__What you have to do__. Reproduce all the entries exactly and keep the pictures out.

__Provided entries__.
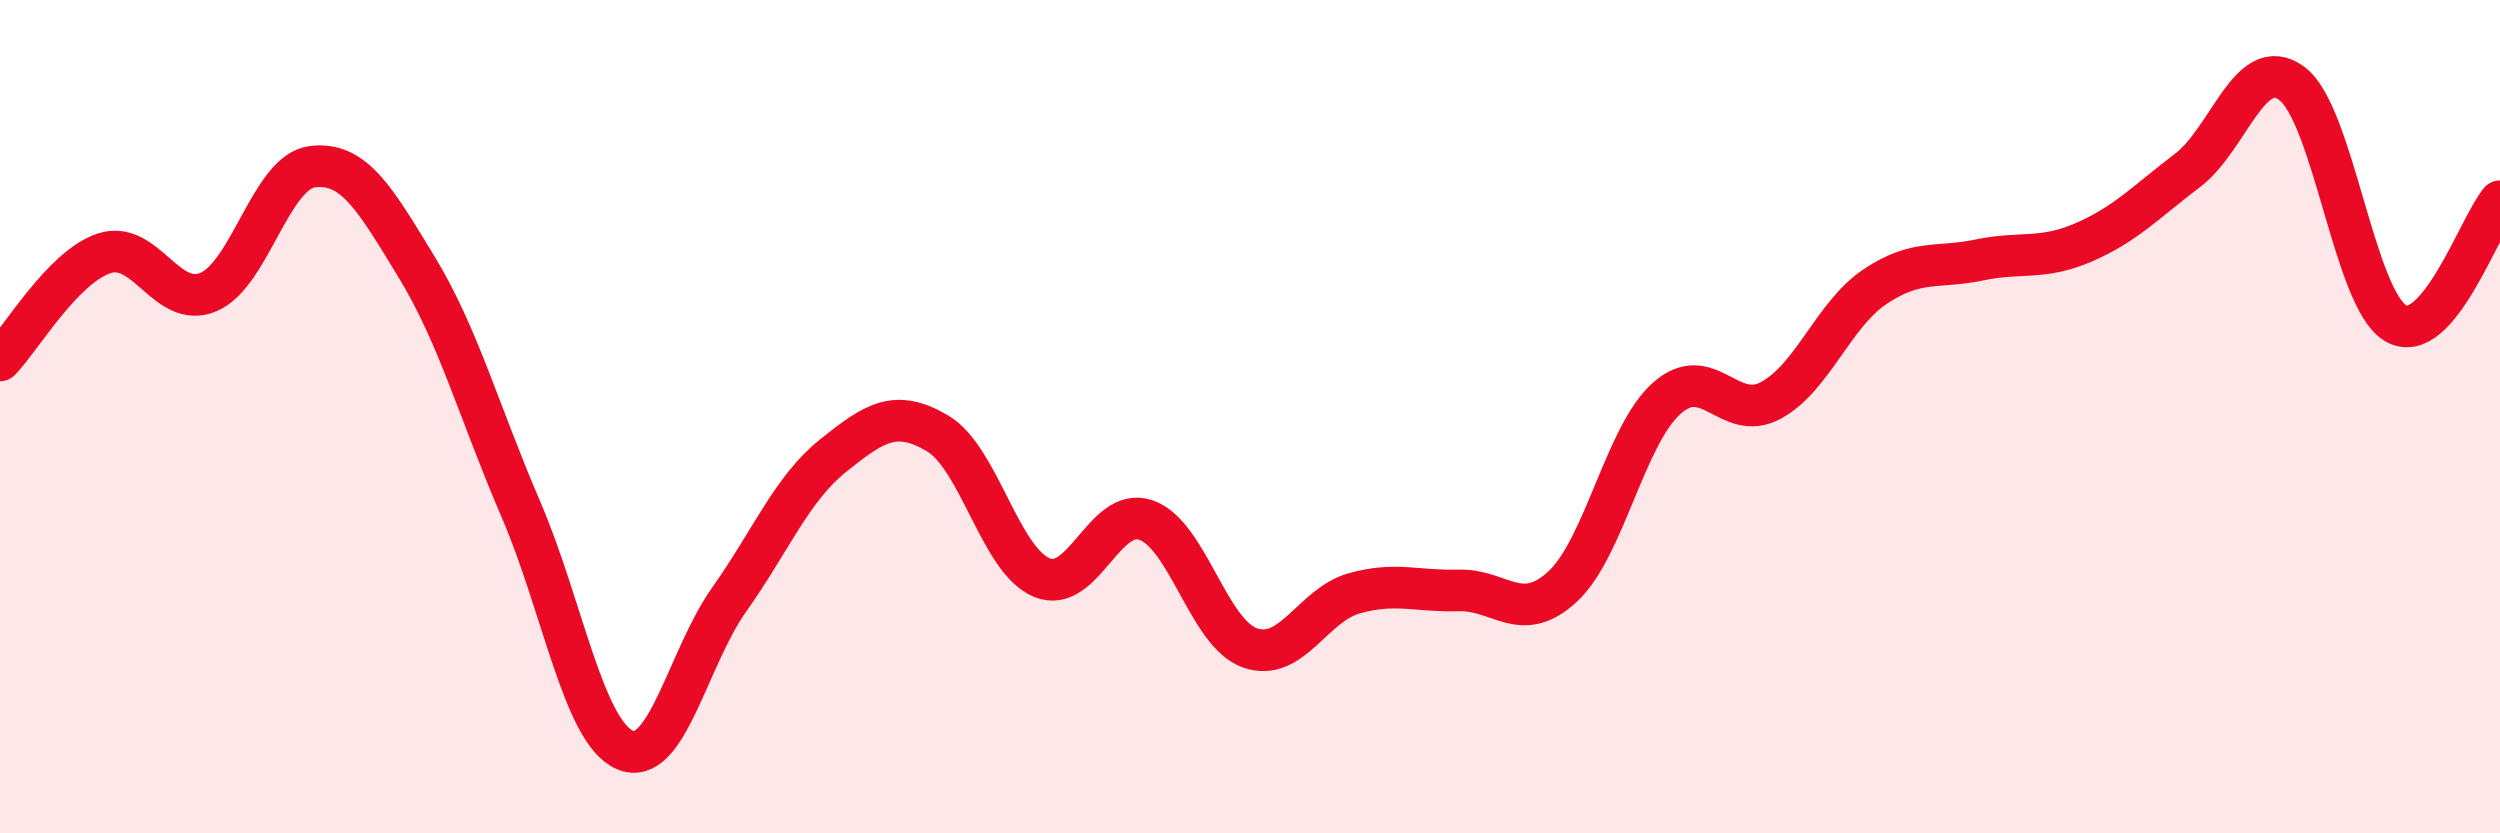 
    <svg width="60" height="20" viewBox="0 0 60 20" xmlns="http://www.w3.org/2000/svg">
      <path
        d="M 0,8.65 C 0.5,8.14 1.5,6.41 2.5,6.08 C 3.5,5.75 4,7.43 5,7.01 C 6,6.59 6.5,4.12 7.5,4 C 8.5,3.88 9,4.77 10,6.41 C 11,8.05 11.5,9.9 12.5,12.22 C 13.5,14.54 14,17.57 15,18 C 16,18.43 16.5,15.8 17.5,14.39 C 18.5,12.98 19,11.73 20,10.93 C 21,10.13 21.5,9.81 22.5,10.4 C 23.5,10.99 24,13.44 25,13.86 C 26,14.28 26.5,12.14 27.5,12.48 C 28.5,12.82 29,15.2 30,15.55 C 31,15.9 31.5,14.52 32.5,14.24 C 33.5,13.96 34,14.2 35,14.17 C 36,14.14 36.5,15 37.5,14.08 C 38.5,13.16 39,10.45 40,9.56 C 41,8.67 41.5,10.15 42.5,9.61 C 43.5,9.07 44,7.55 45,6.88 C 46,6.21 46.5,6.45 47.5,6.24 C 48.5,6.03 49,6.25 50,5.82 C 51,5.39 51.5,4.85 52.5,4.09 C 53.5,3.33 54,1.27 55,2 C 56,2.73 56.5,7.19 57.5,7.76 C 58.5,8.33 59.5,5.42 60,4.83L60 20L0 20Z"
        fill="#EB0A25"
        opacity="0.1"
        stroke-linecap="round"
        stroke-linejoin="round"
      />
      <path
        d="M 0,8.65 C 0.5,8.14 1.5,6.41 2.5,6.08 C 3.5,5.75 4,7.43 5,7.01 C 6,6.59 6.5,4.12 7.5,4 C 8.5,3.88 9,4.77 10,6.41 C 11,8.05 11.5,9.9 12.5,12.22 C 13.5,14.54 14,17.57 15,18 C 16,18.43 16.5,15.8 17.5,14.39 C 18.5,12.98 19,11.73 20,10.93 C 21,10.13 21.5,9.81 22.5,10.4 C 23.5,10.99 24,13.44 25,13.86 C 26,14.28 26.5,12.14 27.5,12.48 C 28.5,12.82 29,15.2 30,15.55 C 31,15.9 31.5,14.52 32.5,14.24 C 33.5,13.96 34,14.2 35,14.17 C 36,14.14 36.5,15 37.5,14.08 C 38.5,13.16 39,10.45 40,9.56 C 41,8.67 41.5,10.15 42.5,9.61 C 43.5,9.07 44,7.55 45,6.88 C 46,6.21 46.5,6.45 47.5,6.24 C 48.5,6.03 49,6.25 50,5.82 C 51,5.39 51.5,4.85 52.5,4.09 C 53.5,3.33 54,1.27 55,2 C 56,2.73 56.5,7.19 57.5,7.76 C 58.5,8.33 59.5,5.42 60,4.83"
        stroke="#EB0A25"
        stroke-width="1"
        fill="none"
        stroke-linecap="round"
        stroke-linejoin="round"
      />
    </svg>

__Task answer__.
    <svg width="60" height="20" viewBox="0 0 60 20" xmlns="http://www.w3.org/2000/svg">
      <path
        d="M 0,8.65 C 0.5,8.14 1.5,6.41 2.5,6.08 C 3.5,5.75 4,7.43 5,7.01 C 6,6.59 6.5,4.12 7.5,4 C 8.5,3.88 9,4.77 10,6.41 C 11,8.05 11.5,9.9 12.5,12.22 C 13.5,14.54 14,17.57 15,18 C 16,18.43 16.5,15.8 17.5,14.39 C 18.5,12.98 19,11.73 20,10.93 C 21,10.13 21.5,9.81 22.5,10.4 C 23.5,10.99 24,13.44 25,13.86 C 26,14.28 26.5,12.14 27.5,12.48 C 28.5,12.82 29,15.2 30,15.55 C 31,15.9 31.5,14.52 32.5,14.24 C 33.5,13.96 34,14.2 35,14.17 C 36,14.14 36.5,15 37.5,14.08 C 38.5,13.16 39,10.45 40,9.56 C 41,8.67 41.5,10.15 42.5,9.61 C 43.5,9.07 44,7.55 45,6.88 C 46,6.21 46.5,6.45 47.5,6.24 C 48.5,6.03 49,6.25 50,5.82 C 51,5.39 51.5,4.85 52.5,4.09 C 53.5,3.33 54,1.27 55,2 C 56,2.73 56.5,7.19 57.5,7.76 C 58.5,8.33 59.5,5.42 60,4.83L60 20L0 20Z"
        fill="#EB0A25"
        opacity="0.1"
        stroke-linecap="round"
        stroke-linejoin="round"
      />
      <path
        d="M 0,8.65 C 0.5,8.14 1.5,6.41 2.5,6.08 C 3.5,5.75 4,7.43 5,7.01 C 6,6.59 6.5,4.12 7.5,4 C 8.5,3.88 9,4.77 10,6.41 C 11,8.05 11.5,9.9 12.5,12.22 C 13.5,14.54 14,17.57 15,18 C 16,18.43 16.5,15.8 17.5,14.39 C 18.5,12.98 19,11.73 20,10.93 C 21,10.13 21.5,9.81 22.5,10.4 C 23.5,10.99 24,13.44 25,13.86 C 26,14.28 26.5,12.14 27.5,12.48 C 28.5,12.82 29,15.2 30,15.55 C 31,15.9 31.5,14.52 32.5,14.24 C 33.5,13.96 34,14.2 35,14.17 C 36,14.14 36.5,15 37.5,14.08 C 38.5,13.16 39,10.45 40,9.56 C 41,8.67 41.5,10.15 42.5,9.61 C 43.5,9.07 44,7.55 45,6.88 C 46,6.21 46.5,6.45 47.5,6.24 C 48.5,6.03 49,6.25 50,5.82 C 51,5.39 51.5,4.85 52.5,4.09 C 53.5,3.33 54,1.27 55,2 C 56,2.73 56.5,7.19 57.5,7.76 C 58.5,8.33 59.5,5.42 60,4.83"
        stroke="#EB0A25"
        stroke-width="1"
        fill="none"
        stroke-linecap="round"
        stroke-linejoin="round"
      />
    </svg>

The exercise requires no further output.